> **Action item**: Where an entry below contains an image, skip the image and reproduce the rest exactly.

(Stored dataset items)

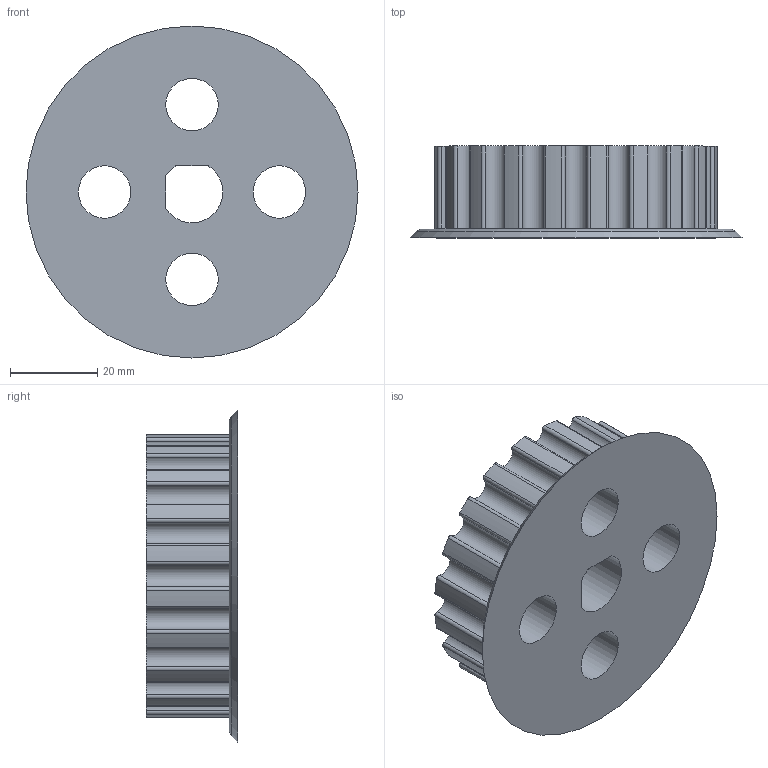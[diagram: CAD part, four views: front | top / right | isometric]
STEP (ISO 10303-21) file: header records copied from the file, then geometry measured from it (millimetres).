
FILE_DESCRIPTION(/* description */ (''),/* implementation_level */ '2;1');
FILE_NAME(/* name */ 'MuftaForRemenSmall.stp',/* time_stamp */ '2023-12-01T23:21:12+05:00',/* author */ ('KirikDK'),/* organization */ (''),/* preprocessor_version */ 'ST-DEVELOPER v19.2',/* originating_system */ 'Autodesk Inventor 2024',/* authorisation */ '');
FILE_SCHEMA (('AUTOMOTIVE_DESIGN { 1 0 10303 214 3 1 1 }'));
Length unit declared in the file: millimetre
Products named in the file (1): MuftaForRemenSmall
Bounding box: 76 x 21 x 76 mm (x, y, z)
Volume: 53595.8 mm3; surface area: 17423.4 mm2
Topology: 1 solids, 1 shells, 95 faces, 276 edges, 185 vertices
Faces by surface type: cylinder 88, plane 5, torus 1, cone 1
Full cylindrical faces by diameter (mm): 12 x4
Entity records: 3325 total; most frequent: DIRECTION 649, CARTESIAN_POINT 557, ORIENTED_EDGE 552, AXIS2_PLACEMENT_3D 277, EDGE_CURVE 276, VERTEX_POINT 184, CIRCLE 181, EDGE_LOOP 106
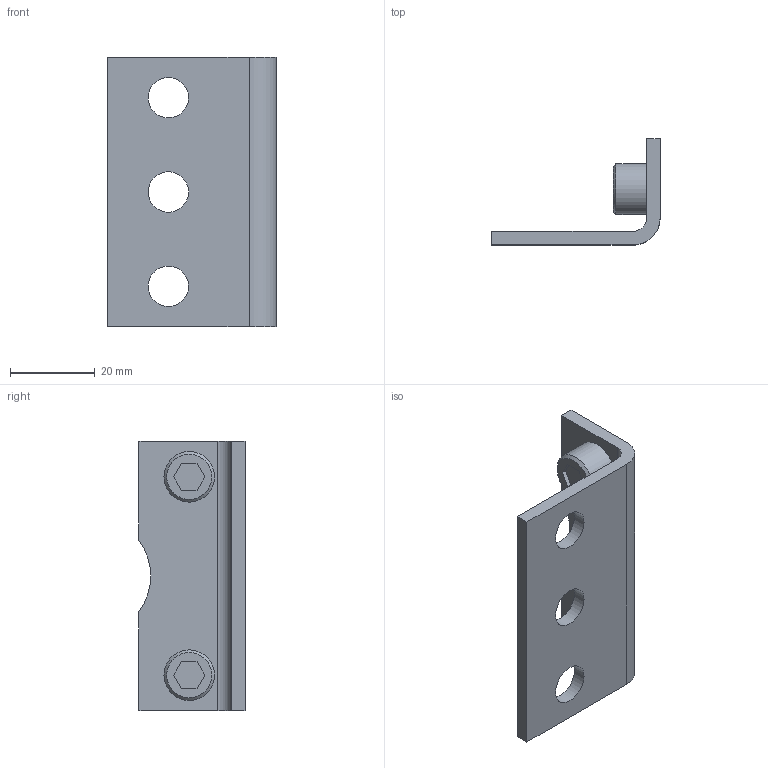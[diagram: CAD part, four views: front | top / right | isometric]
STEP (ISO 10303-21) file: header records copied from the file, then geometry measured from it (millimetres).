
FILE_DESCRIPTION(/* description */ ('Unknown'),/* implementation_level */ '2;1');
FILE_NAME(/* name */ '1309.200.05;1F',/* time_stamp */ '2018-12-07T09:57:59-05:00',/* author */ ('Unknown'),/* organization */ ('Unknown'),/* preprocessor_version */ 'ST-DEVELOPER v16.7',/* originating_system */ 'DEX',/* authorisation */ $);
FILE_SCHEMA (('AUTOMOTIVE_DESIGN {1 0 10303 214 3 1 1}'));
Length unit declared in the file: millimetre
Products named in the file (1): 1309.200.05;1f
Bounding box: 39.69 x 24.99 x 63.5 mm (x, y, z)
Volume: 12882.8 mm3; surface area: 8736.7 mm2
Topology: 1 solids, 1 shells, 35 faces, 88 edges, 59 vertices
Faces by surface type: plane 25, cylinder 8, cone 2
Full cylindrical faces by diameter (mm): 9.525 x3, 11.913 x2
Entity records: 1028 total; most frequent: CARTESIAN_POINT 170, DIRECTION 168, ORIENTED_EDGE 156, EDGE_CURVE 78, LINE 60, VECTOR 60, VERTEX_POINT 56, AXIS2_PLACEMENT_3D 54

> **Expected output**:
[diagram: CAD part, four views: front | top / right | isometric]
STEP (ISO 10303-21) file: header records copied from the file, then geometry measured from it (millimetres).
FILE_DESCRIPTION(/* description */ (''),/* implementation_level */ '2;1');
FILE_NAME(/* name */ 'MuftaForRemenSmall.stp',/* time_stamp */ '2023-12-01T23:21:12+05:00',/* author */ ('KirikDK'),/* organization */ (''),/* preprocessor_version */ 'ST-DEVELOPER v19.2',/* originating_system */ 'Autodesk Inventor 2024',/* authorisation */ '');
FILE_SCHEMA (('AUTOMOTIVE_DESIGN { 1 0 10303 214 3 1 1 }'));
Length unit declared in the file: millimetre
Products named in the file (1): MuftaForRemenSmall
Bounding box: 76 x 21 x 76 mm (x, y, z)
Volume: 53595.8 mm3; surface area: 17423.4 mm2
Topology: 1 solids, 1 shells, 95 faces, 276 edges, 185 vertices
Faces by surface type: cylinder 88, plane 5, torus 1, cone 1
Full cylindrical faces by diameter (mm): 12 x4
Entity records: 3325 total; most frequent: DIRECTION 649, CARTESIAN_POINT 557, ORIENTED_EDGE 552, AXIS2_PLACEMENT_3D 277, EDGE_CURVE 276, VERTEX_POINT 184, CIRCLE 181, EDGE_LOOP 106
[diagram: CAD part, four views: front | top / right | isometric]
STEP (ISO 10303-21) file: header records copied from the file, then geometry measured from it (millimetres).
FILE_DESCRIPTION(/* description */ ('Unknown'),/* implementation_level */ '2;1');
FILE_NAME(/* name */ '1309.200.05;1F',/* time_stamp */ '2018-12-07T09:57:59-05:00',/* author */ ('Unknown'),/* organization */ ('Unknown'),/* preprocessor_version */ 'ST-DEVELOPER v16.7',/* originating_system */ 'DEX',/* authorisation */ $);
FILE_SCHEMA (('AUTOMOTIVE_DESIGN {1 0 10303 214 3 1 1}'));
Length unit declared in the file: millimetre
Products named in the file (1): 1309.200.05;1f
Bounding box: 39.69 x 24.99 x 63.5 mm (x, y, z)
Volume: 12882.8 mm3; surface area: 8736.7 mm2
Topology: 1 solids, 1 shells, 35 faces, 88 edges, 59 vertices
Faces by surface type: plane 25, cylinder 8, cone 2
Full cylindrical faces by diameter (mm): 9.525 x3, 11.913 x2
Entity records: 1028 total; most frequent: CARTESIAN_POINT 170, DIRECTION 168, ORIENTED_EDGE 156, EDGE_CURVE 78, LINE 60, VECTOR 60, VERTEX_POINT 56, AXIS2_PLACEMENT_3D 54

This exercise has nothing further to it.